16 June 2014
ByAppeared in BioNews 758
In a research first, a section of light-sensing tissue, closely resembling the human retina, has been grown in the laboratory from human stem cells.
Dr Maria Canto-Soler, an assistant professor of ophthalmology at John Hopkins University in the USA, and lead author of the study, said: 'We have basically created a miniature human retina in a dish that not only has the architectural organisation of the retina but also has the ability to sense light'.
Using iPSCs, the researchers first generated precursor retinal cells by growing them in a medium containing specific growth factor chemicals. The researchers were surprised to see that the cells assembled into a complex structure, in steps similar to those observed in the eye during fetal development.
The tissue not only structurally resembled the human retina, but it also contained all major retinal cell types arranged in their proper layers.
Dr Canto-Soler said: 'The stem cells could build up the retinal structure almost autonomously. Somehow the cells knew what to do and we just needed to give them time to do it'.
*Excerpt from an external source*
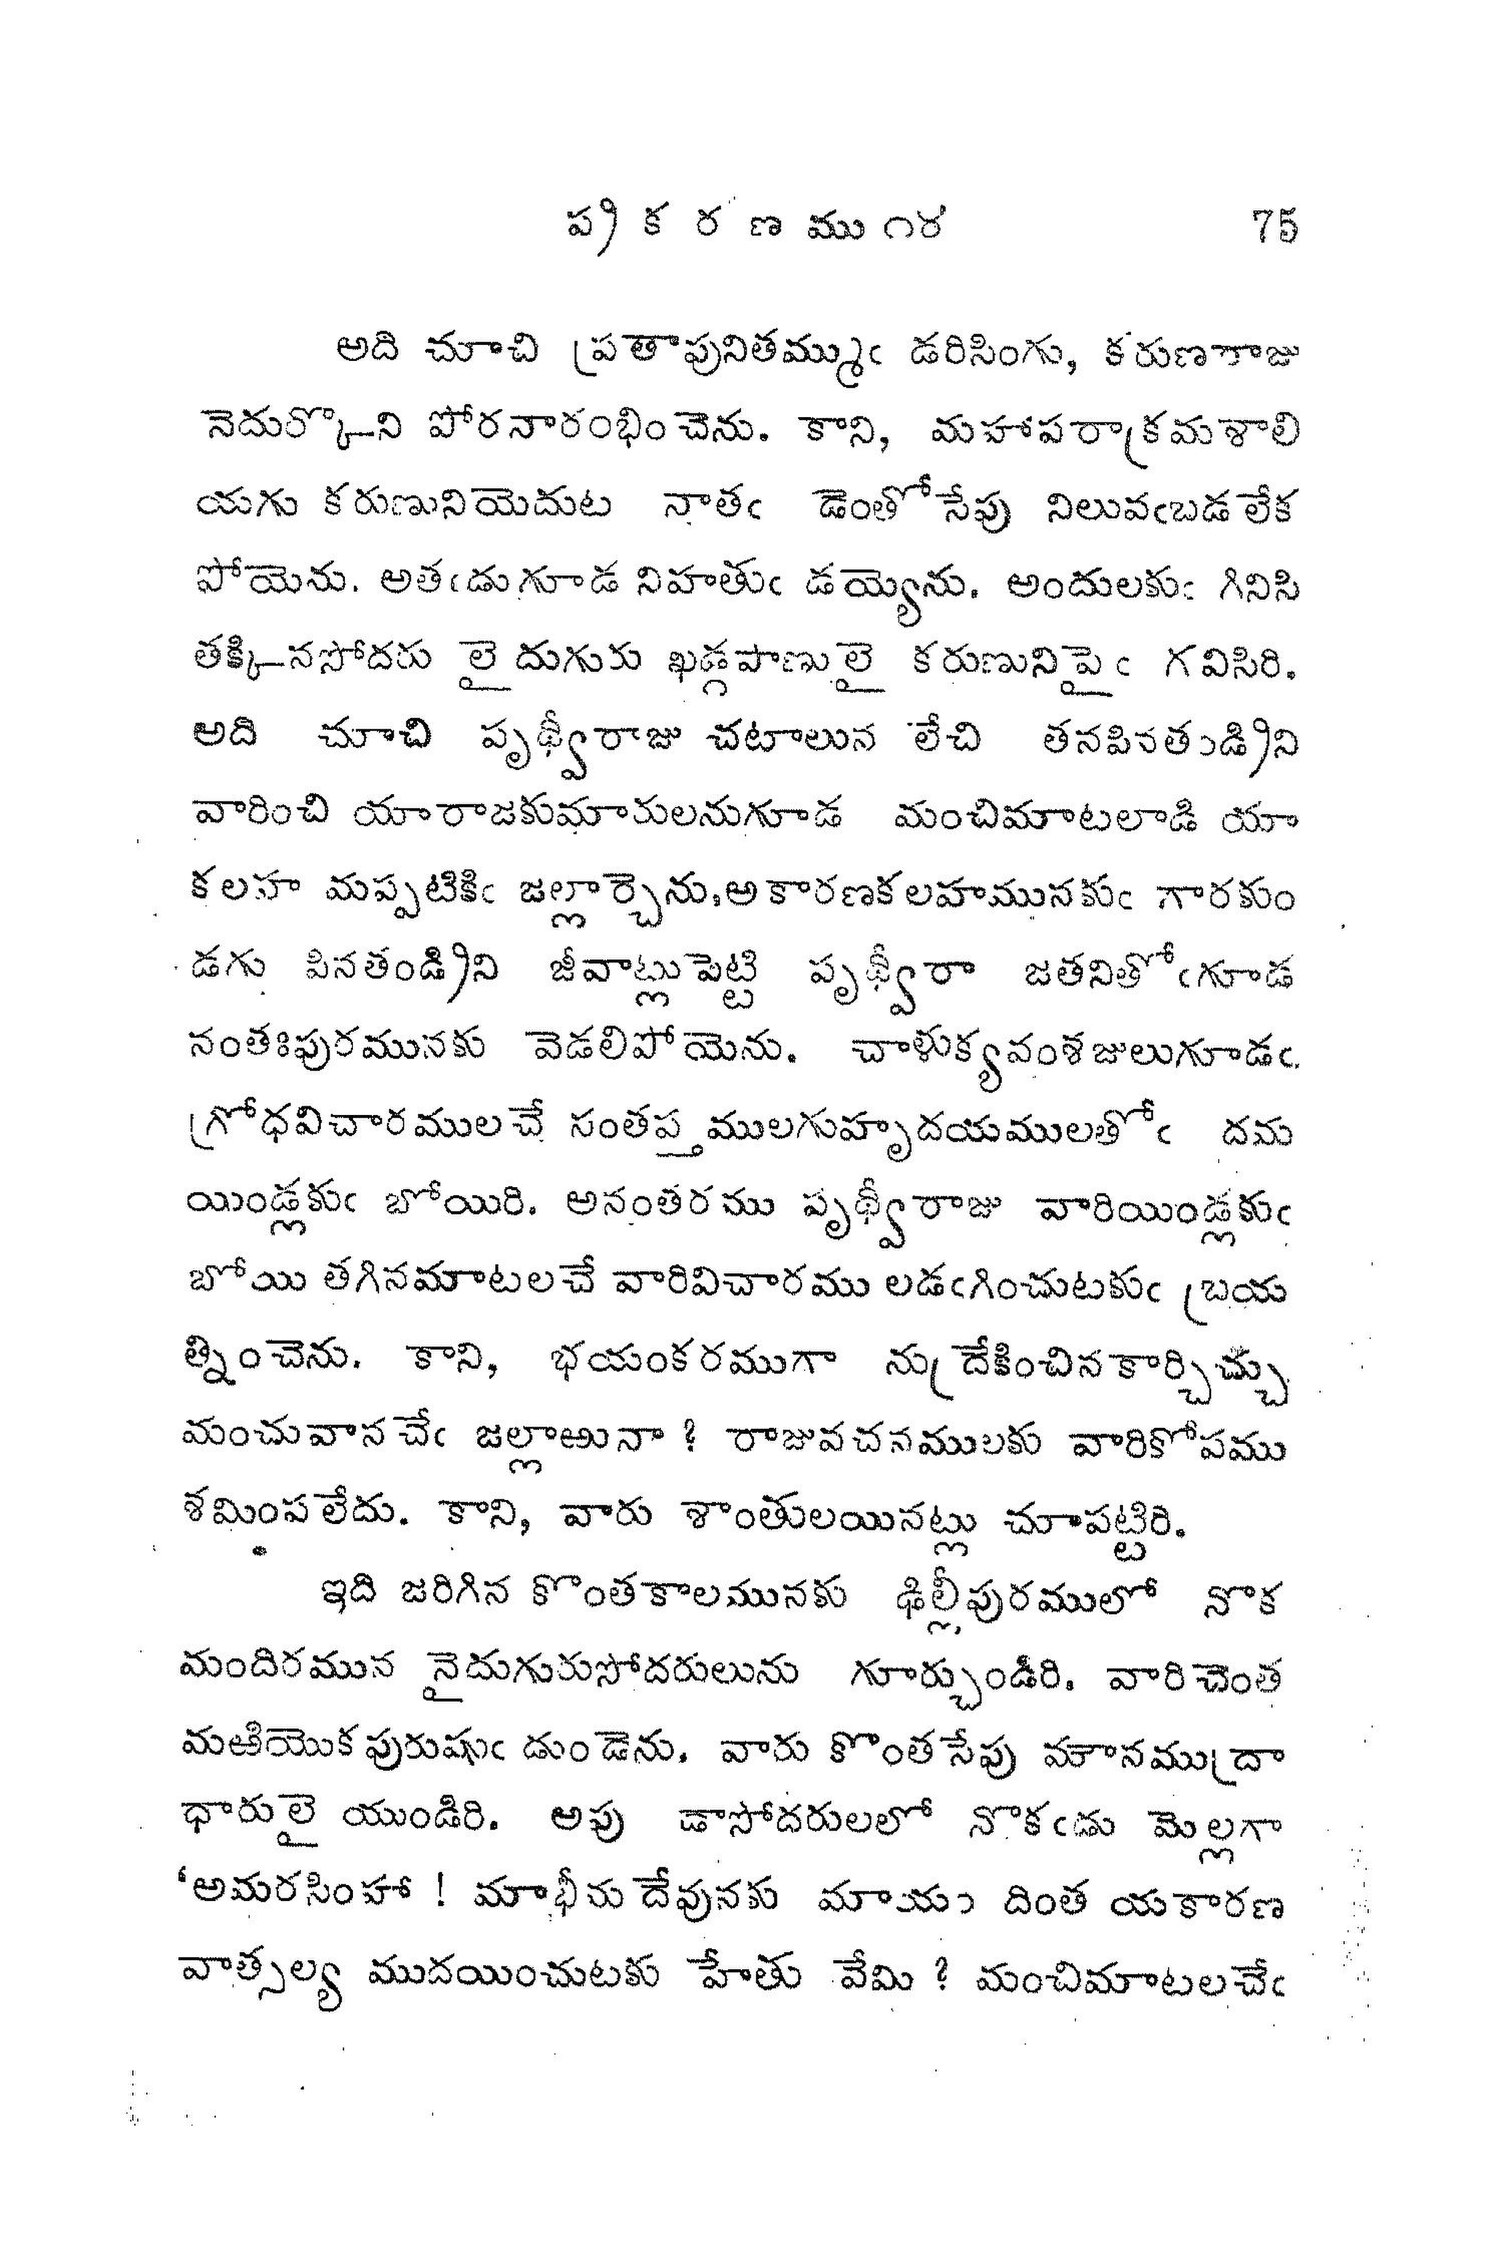అది చూచి ప్రతాపునితమ్ముఁ డరిసింగు, కరుణ గాజు నెదుర్కొని పోరనారంభించెను. కాని, మహాపరాక్రమశాలి యగు కరుణుని యెదుట నాతఁ డెంతో సేపు నిలువఁబడ లేక పోయెను. అతఁడుగూడ నిహతుఁ డయ్యెను. అందులకు: గినిసి తక్కినసోదరు లైదుగురు ఖడ్గపాణు లై కరుణునిపై గవిసిరి, అది చూచి పృథ్వీరాజు చటాలున లేచి తనపినతండ్రిని వారించి యారాజకుమారులనుగూడ మంచిమాటలాడి యా కలహ మప్పటికిఁ జిల్లా ర్చెను, అకారణక లహమునకుఁ గారకుం డగు పినతండ్రిని జీవాట్లు పెట్టి పృద్వీరా జతనితోఁగూడ నంతఃపురమునకు వెడలిపోయెను. చాళుక్య వంశజులుగూడఁ. గ్రోధవిచారముల చే సంతప్త ములగుహృదయములతోఁ దమ యిండ్లకుఁ బోయిరి. అనంతరము పృథ్వీరాజు వారియిండ్లరుఁ బోయి తగిన మాటలచే వారి విచారము లడఁగించుటకుఁ బ్రయత్నించెను. కాని, భయంకరముగా నుదేకించిన కార్చిచ్చు మంచువాన చేఁ జలాఱునా ? రాజువచనములకు వారికోపము శమింప లేదు. కాని, వారు శాంతులయినట్లు చూపట్టిరి.

ఇది జరిగిన కొంత కాలమునకు ఢిల్లీ పురములో నొక మందిరమున నైదుగురు సోదరులును గూర్చుండిరి. వారి చెంత మఱియొక పురుషుఁ డుండెను. వారు కొంత సేపు మౌనముద్రా ధారులై యుండిరి. అపుడాసోదరులలో నొకఁడు మెల్లగా ‘అమర సింహా ! మాధీను దేవునకు మాయ, దింత యకారణ వాత్సల్య ముదయించుటకు హేతు వేమి ? మంచిమాటలచేఁ

The scientists were also interested to see whether their model was able to give rise to functional photoreceptors, the light-sensing cells of the retina. Photoreceptor damage is a common cause of blindness.
They found that their artificial retina contained cells that not only resembled photoreceptors structurally, but were also able to respond to light.
Dr Canto-Soler commented that this finding 'advances opportunities for vision-saving research and may ultimately lead to technologies that restore vision in people with retinal diseases'.
She also highlighted, however, that light-sensing only provides a small part of the vision-making process. 'Is our lab retina capable of producing a visual signal that the brain can interpret into an image? Probably not, but this is a good start'.
The lab retina was tested at a stage equivalent to 28 days of fetal development and the scientists will now try to develop their model further.
Dr David Gamm of the University of Wisconsin, a co-author of the study, told The Scientist: 'Knowing the mechanism in greater detail will allow us to improve the retinal differentiation process, making it more safe, reproducible, and user-friendly for both disease modelling and drug testing and for clinical transplantation into patients'.
Talking to The Scientist, Dr Canto-Soler, however, said: 'there is still a long way to go before we can directly apply this to patients'.
The research was published in Nature Communications.